Foi desde dezembro até fevereiro. O Tinoco era uma das pessoas que lá ia, embora o interrogatório não fosse ele a fazer - era um outro, que eu não sei o nome - e depois mais os outros capangas. Ficávamos ali, não me deixavam sentar, não me deixavam parar - porque eu tinha uma tendência para fazer um autocontrole de estar a olhar para um ponto e quase que adormecia ali sem vacilar. E eles aperceberam-se, porque enquanto eu estava ali estava a descansar. Então sempre que eu parava eles batiam nas mesas, nas cadeiras, ou empurravam-me. E só raramente me deixavam sentar - era um aliciamento para dizer qualquer coisa. Então apercebi-me de que eles tinham detetado tudo lá em casa e, portanto, já estava perante um facto consumado e eu declarei mesmo a dizer que era do MRPP. Disse mesmo: «Sou do MRPP».
E eu depois fiquei a saber que eles não tinham ido lá - há uma outra casa onde nós tínhamos os documentos principais do MRPP - nem à vacaria. Uma vacaria onde eu tinha entregue ao Tio Joaquim, que era o homem que guardava umas coisinhas - sem ele saber o que era, mas desconfiava. Dizia: «Fica guardado!». Hoje sei que o Tio Joaquim agarrou naquelas caixas e meteu no meio dos dejetos das vacas, que ele tinha um monte de dejetos e meteu aquilo lá no meio. Portanto, só vim a saber já depois do 25 de Abril.

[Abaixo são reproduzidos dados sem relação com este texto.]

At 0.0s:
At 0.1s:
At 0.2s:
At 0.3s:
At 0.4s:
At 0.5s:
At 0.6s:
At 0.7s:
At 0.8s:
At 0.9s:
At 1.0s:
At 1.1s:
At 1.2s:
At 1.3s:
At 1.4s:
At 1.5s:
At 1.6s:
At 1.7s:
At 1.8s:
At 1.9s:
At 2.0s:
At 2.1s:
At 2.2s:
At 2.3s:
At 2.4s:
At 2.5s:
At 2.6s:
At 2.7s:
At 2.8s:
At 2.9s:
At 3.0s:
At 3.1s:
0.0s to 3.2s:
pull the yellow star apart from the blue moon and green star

Exatamente. Depois do 25 de Abril é que eu vim a saber. Uma conversa que eu tive com o Tio Joaquim, que o homem para além de uma vacaria fazia fretes com uma carroça e uns cavalos - neste caso eram cavalos, não eram mulas - com fretes de areia, cimentos e não sei quê. E fazia isso no Cais de Vila Franca, ia entregar às obras. Ele depois começou-me a dizer que lembrou-se da tal caixinha e abriu uma cova no meio daquela coisa toda e meteu aquilo lá tudo debaixo. E, portanto, aquilo acabou por apodrecer ali, ninguém soube de nada. O Tio Joaquim é uma das figuras que eu guardo. [Choro] Eu guardo mesmo. Nunca tinha contado esta. Já contei uma vez esta história assim, mas não, não com... porque a confiança era uma confiança grande.

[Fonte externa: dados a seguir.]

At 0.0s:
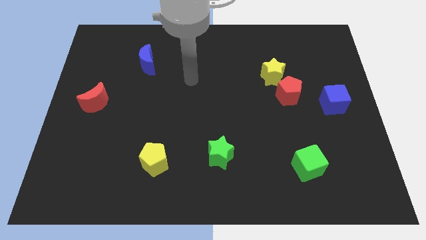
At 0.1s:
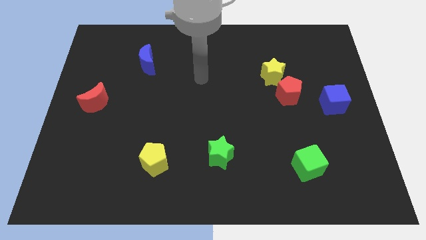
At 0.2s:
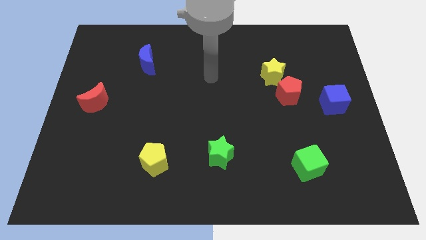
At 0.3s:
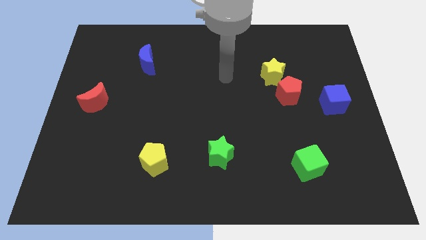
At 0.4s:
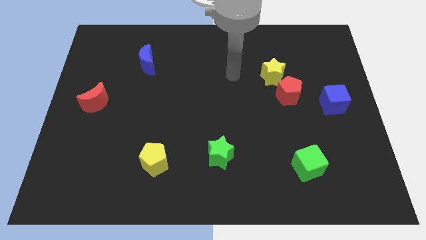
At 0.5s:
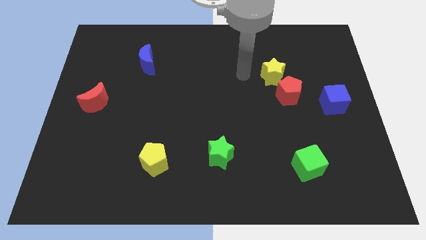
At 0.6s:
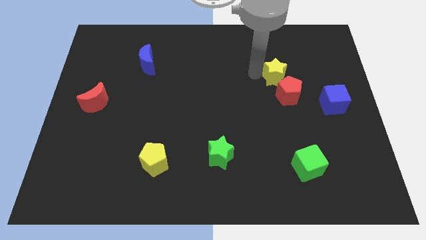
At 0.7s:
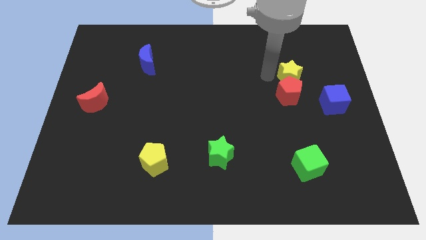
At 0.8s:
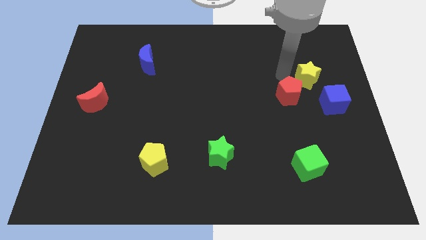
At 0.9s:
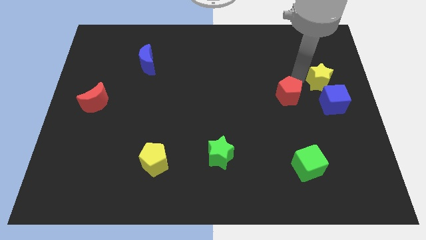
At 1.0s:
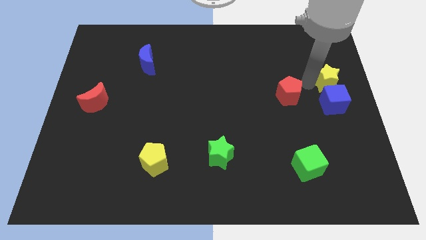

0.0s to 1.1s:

De maneira que, a partir dali eu sabia onde é que estava entregue. A minha preocupação era saber até que ponto é que eu iria resistir, digamos, às torturas. Tortura do sono, às ofensas, aos murros, aos pontapés, tudo isso.
Eu lembro-me perfeitamente da minha mãe tentar-me dizer, lá nas visitas, pronto a minha mãe a tentar-me aconselhar a não perder a minha vida - porque a minha mãe não andou na escola, não é? O meu pai também nunca andou na escola. Eu já era órfão, aos 10 anos eu fui órfão. A minha mãe estava a criar-nos a nós, não é? E portanto a minha mãe o que queria era ver se eu saia dali, portanto tentava-me... eu não digo que ela dissesse para eu dizer, mas dava a entender que eu tinha que olhar para mim naquelas condições. O meu irmão também dizia que ia escrever para não sei quem. Eu rejeitava sempre isso. E lembro-me perfeitamente de deixar uma vez a minha mãe sozinha lá na vidraça da visita - porque aquilo era um vidro em frente. Deixei-a sozinha a dizer: «Mãe, eu não sou coitadinho, não. Eu não sou coitadinho. Eu sei o que é que ando aqui a fazer, não quero cá nada, não quero cá papéis escritos não quero cá nada. Eu sei o que é que estou a fazer, não sou nenhum coitadinho que estou aqui». Lembro-me que deixei a minha mãe sozinha lá no outro lado e vim-me embora. Ela depois deve-se ter apercebido, com alguns aconselhamentos, que não era uma solução melhor para me falar numa situação daquelas.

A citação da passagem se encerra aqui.